The first element of the 5-tuple contains the number of occurrences of book 0, the second element contains the number
of occurrences of book 1, and so on.

The function `price`

determines the minimum price for a given 5-tuple. For example, `price(1,0,0,0,0) = 8`

and
`price(0, 1, 1, 0, 0) = 15.2`

.

If the 5-tuple consists of only zeroes and ones, then the price can be determined by counting the number of ones. Multiply the number of ones by eight and apply the appropriate discount.
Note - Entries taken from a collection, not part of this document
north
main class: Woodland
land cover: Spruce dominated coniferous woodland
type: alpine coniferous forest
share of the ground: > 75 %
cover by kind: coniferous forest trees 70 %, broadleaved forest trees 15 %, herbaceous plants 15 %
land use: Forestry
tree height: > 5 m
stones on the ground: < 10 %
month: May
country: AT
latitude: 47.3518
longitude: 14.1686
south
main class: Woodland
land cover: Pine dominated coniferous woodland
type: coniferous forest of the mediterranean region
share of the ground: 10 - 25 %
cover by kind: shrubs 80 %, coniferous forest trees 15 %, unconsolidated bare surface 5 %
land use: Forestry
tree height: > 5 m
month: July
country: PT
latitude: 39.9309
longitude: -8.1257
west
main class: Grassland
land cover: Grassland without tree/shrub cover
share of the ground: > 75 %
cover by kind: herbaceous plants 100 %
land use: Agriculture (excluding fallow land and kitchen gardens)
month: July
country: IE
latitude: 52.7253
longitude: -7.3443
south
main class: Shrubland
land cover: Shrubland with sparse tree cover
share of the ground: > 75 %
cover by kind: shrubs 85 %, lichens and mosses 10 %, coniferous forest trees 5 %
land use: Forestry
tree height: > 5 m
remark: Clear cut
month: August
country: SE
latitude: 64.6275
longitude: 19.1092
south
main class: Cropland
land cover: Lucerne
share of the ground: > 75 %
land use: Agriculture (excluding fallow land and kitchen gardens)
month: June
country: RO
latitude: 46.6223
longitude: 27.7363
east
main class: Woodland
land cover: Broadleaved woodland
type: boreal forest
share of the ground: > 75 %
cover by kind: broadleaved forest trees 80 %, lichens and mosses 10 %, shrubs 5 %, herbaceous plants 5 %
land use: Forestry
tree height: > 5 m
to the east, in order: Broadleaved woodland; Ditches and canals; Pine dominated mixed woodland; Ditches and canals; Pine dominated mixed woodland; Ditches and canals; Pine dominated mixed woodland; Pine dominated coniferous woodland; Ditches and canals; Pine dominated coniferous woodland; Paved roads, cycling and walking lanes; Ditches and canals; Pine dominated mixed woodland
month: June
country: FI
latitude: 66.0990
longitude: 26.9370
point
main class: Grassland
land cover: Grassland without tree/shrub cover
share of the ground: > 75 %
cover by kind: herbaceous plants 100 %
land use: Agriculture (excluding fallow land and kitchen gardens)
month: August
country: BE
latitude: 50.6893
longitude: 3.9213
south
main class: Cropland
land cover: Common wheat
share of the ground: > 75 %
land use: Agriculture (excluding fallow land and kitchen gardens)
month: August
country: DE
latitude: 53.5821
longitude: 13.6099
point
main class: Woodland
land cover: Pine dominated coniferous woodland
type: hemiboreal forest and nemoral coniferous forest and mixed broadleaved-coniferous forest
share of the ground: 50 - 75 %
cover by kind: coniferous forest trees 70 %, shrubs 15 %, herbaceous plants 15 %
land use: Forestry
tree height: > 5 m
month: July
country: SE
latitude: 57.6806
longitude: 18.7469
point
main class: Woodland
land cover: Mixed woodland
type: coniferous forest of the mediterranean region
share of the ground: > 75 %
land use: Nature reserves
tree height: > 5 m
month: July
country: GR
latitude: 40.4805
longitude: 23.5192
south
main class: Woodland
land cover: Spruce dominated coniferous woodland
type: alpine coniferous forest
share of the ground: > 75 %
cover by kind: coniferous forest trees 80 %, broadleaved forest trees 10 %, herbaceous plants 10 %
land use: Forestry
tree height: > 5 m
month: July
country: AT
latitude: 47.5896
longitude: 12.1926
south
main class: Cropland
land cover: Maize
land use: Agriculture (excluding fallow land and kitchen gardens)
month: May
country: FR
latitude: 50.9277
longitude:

It gets complicated when the 5-tuple contains a number larger than one. In that case we have to split the books in
two or more subsets. In the end, each of the subsets can be represented by a 5-tuple containing only zeroes and ones.
How many subsets with only zeros and ones are there? How many combinations of 5 zeroes and ones are there? 2^5 = 32.
This includes the 5-tuple `(0, 0, 0, 0, 0)`

. This empty subset can be omitted. Hence, 31 non-empty subsets are
to be considered.

So, `price(a,b,c,d,e) = min( (price(a-1,b,c,d,e) + price(1,0,0,0,0)), (price(a,b-1,c,d,e) + price(0,1,0,0,0)), ..., (price(a,b,c,d,e-1) + price(0,0,0,0,1)) )`

Of course the terms where the 5-tuple contains negative values must be omitted. These cases are the cases where
`(a,b,c,d,e)`

do not contain a specific subset.

A straightforward implementation will consume a lot of time: `price(2, 2, 2, 2, 2)`

will evaluate price(2, 2, 1, 1, 2)
two times and price(2, 2, 0, 0, 2) six times. By applying memoization this problem is solved: simply store the result
for each 5-tuple once it has been evaluated. For the 5-tuple `(a,b,c,d,e)`

the price function is evaluated at
most `(a+1)*(b+1)*(c+1)*(d+1)*(e+1)`

times.

Once I figured this out I started writing the code. Some parts I wrote using TDD, but for large parts I wrote the production code first and test afterwards. The tests gave me the opportunity to refactor the code. My solution can be downloaded here.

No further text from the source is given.